Every fact essential to an estoppel in pais must be clearly and satisfactorily proved. Erwin v. Dekle, 60 Fla. 56, 53 South. Rep. 441; 21 C. J. 1252.
The defendant adduced evidences of conveyances forming his claim of title beginning with a deed from John H. Gunby to John Butler in 1854. This claim of title is not in any way shown to connect with the title conveyed to Solomon F. Halliday by the United States patent issued to him in 1844.
Defendant's claim is title by adverse possession under color of title.
The statutes of the State contain the following provisions:
"In every action for the recovery of real property, or of the possession thereof, the person establishing a legal title to the premises shall be presumed to have been possessed thereof within the time prescribed by law; and the occupation of such premises by any other person shall be deemed to have been under and in subordination to the legal title, unless it appear that such premises have been held and possessed adversely to such legal title for seven years before the commencement of such action."

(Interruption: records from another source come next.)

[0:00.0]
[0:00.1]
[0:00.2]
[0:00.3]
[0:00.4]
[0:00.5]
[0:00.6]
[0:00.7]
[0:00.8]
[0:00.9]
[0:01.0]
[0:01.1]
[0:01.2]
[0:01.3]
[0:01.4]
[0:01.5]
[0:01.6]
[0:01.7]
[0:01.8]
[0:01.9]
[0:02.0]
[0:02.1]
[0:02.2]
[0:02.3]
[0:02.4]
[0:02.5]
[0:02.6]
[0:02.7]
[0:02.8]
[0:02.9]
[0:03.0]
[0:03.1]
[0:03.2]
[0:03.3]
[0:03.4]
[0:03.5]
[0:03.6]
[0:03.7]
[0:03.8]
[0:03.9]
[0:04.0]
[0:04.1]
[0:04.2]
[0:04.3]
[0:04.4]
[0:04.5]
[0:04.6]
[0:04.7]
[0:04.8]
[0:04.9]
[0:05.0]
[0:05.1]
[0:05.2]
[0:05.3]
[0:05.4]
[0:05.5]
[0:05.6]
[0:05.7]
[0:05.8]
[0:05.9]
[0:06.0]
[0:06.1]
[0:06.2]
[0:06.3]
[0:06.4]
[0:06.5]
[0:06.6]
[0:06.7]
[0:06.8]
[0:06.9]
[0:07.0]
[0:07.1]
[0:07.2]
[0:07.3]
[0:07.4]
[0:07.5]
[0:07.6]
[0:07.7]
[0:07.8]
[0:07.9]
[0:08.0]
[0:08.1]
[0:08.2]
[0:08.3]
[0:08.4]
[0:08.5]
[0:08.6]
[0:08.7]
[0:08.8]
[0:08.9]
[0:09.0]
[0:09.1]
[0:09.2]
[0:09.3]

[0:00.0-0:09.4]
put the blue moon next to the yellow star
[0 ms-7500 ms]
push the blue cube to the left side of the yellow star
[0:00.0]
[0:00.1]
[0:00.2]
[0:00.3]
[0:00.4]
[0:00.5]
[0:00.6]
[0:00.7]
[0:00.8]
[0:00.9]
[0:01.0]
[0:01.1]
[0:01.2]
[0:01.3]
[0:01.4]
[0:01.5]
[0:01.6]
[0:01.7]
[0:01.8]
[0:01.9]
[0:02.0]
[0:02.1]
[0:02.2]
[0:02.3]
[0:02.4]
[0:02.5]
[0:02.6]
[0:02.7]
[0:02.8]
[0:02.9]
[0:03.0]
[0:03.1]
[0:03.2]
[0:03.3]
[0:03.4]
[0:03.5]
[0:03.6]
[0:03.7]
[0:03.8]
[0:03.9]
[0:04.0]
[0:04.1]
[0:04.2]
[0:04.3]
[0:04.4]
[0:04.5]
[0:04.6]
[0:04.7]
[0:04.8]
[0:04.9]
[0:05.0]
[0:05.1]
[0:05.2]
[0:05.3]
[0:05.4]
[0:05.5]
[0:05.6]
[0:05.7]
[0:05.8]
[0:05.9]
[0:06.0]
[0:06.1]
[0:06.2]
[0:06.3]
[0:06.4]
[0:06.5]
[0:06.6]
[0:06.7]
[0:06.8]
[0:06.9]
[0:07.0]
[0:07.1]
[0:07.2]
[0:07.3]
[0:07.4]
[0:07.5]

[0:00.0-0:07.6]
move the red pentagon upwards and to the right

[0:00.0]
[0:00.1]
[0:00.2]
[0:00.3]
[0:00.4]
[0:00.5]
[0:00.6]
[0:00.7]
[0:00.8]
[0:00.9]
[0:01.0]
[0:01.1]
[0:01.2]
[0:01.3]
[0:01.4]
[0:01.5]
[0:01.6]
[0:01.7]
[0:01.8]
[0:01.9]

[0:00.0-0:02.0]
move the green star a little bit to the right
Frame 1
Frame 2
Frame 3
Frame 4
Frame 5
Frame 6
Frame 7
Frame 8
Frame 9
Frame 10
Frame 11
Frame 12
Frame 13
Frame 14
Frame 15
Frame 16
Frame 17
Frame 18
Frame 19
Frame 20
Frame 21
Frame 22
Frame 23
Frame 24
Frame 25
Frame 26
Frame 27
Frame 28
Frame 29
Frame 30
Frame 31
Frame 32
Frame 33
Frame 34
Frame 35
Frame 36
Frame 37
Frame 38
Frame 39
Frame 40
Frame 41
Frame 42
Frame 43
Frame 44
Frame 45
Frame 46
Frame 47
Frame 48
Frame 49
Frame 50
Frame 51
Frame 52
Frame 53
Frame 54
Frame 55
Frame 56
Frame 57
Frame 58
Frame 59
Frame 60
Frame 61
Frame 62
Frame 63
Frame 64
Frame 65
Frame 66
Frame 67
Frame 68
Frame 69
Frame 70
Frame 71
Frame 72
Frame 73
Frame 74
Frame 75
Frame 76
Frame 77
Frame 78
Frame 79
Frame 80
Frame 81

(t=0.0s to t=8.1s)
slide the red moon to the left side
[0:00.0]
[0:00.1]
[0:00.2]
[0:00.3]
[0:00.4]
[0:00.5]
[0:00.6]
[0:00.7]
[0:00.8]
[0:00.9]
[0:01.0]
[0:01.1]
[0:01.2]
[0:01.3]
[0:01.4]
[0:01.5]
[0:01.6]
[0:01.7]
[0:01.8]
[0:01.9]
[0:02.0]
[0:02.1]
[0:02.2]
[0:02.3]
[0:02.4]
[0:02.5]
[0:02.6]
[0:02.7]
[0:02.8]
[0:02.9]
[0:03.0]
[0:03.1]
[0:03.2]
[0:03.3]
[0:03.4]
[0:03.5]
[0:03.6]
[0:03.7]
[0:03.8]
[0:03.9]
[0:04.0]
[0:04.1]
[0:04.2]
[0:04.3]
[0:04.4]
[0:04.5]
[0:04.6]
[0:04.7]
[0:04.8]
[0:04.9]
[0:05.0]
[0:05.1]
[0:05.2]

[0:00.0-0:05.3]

"1. Continued Occupation for Seven Years Required. -- Whenever it shall appear that the occupant, or those under whom he claims, entered into possession of premises under the claim of title exclusive of any other right, founding such claim upon a written instrument as being a conveyance of the premises in question, or upon the decree or judgment of a competent court, and that there has been a continued occupation and possession of the premises included in such instrument, decere or judgment for seven years, the premises so included shall be deemed to have been held adversely; except that where the premises so included consist of a tract divided into lots, the possession of one lot shall not be deemed a possession of any other lot of the same tract.
"2. Definition of Possession and Occupation Required. -- For the purpose of constituting an adverse possession by any person claiming a title founded upon a written instrument, or a judgment or decree, land shall be deemed to have been possessed and occupied, in the following cases:
"1. Where it has been usually cultivated or improved.
"2. Where it has been protected by a substantial enclosure.
"3. Where (although not enclosed) it has been used for the supply of fuel, or of fencing timber for the purpose of husbandry, or for the ordinary use of the occupant; or
"4. Where a known lot or single farm has been partly improved, the portion of such farm or lot which may have been left not cleared or not enclosed according to the usual course and custom of the adjoining country, shall be deemed to have been occupied for the same length of time as the part improved or cultivated." Secs. 1720, 1721, Gen. Stats., 1906, Compiled Laws, 1914.
The possession necessary to confer title under an adverse holding must be actual, continuous and adverse to the legal title for the full statutory period, and such possession must be established by clear and positive proof. Hyer v. Griffin, 55 Fla. 560, 46 South. rep. 635.
When the proof is not clear and positive of adverse possession and occupation of land for the full statutory period no title by adverse possession can be adjudged. McKinnon v. Johnson, 59 Fla. 332, 52 South. Rep. 288.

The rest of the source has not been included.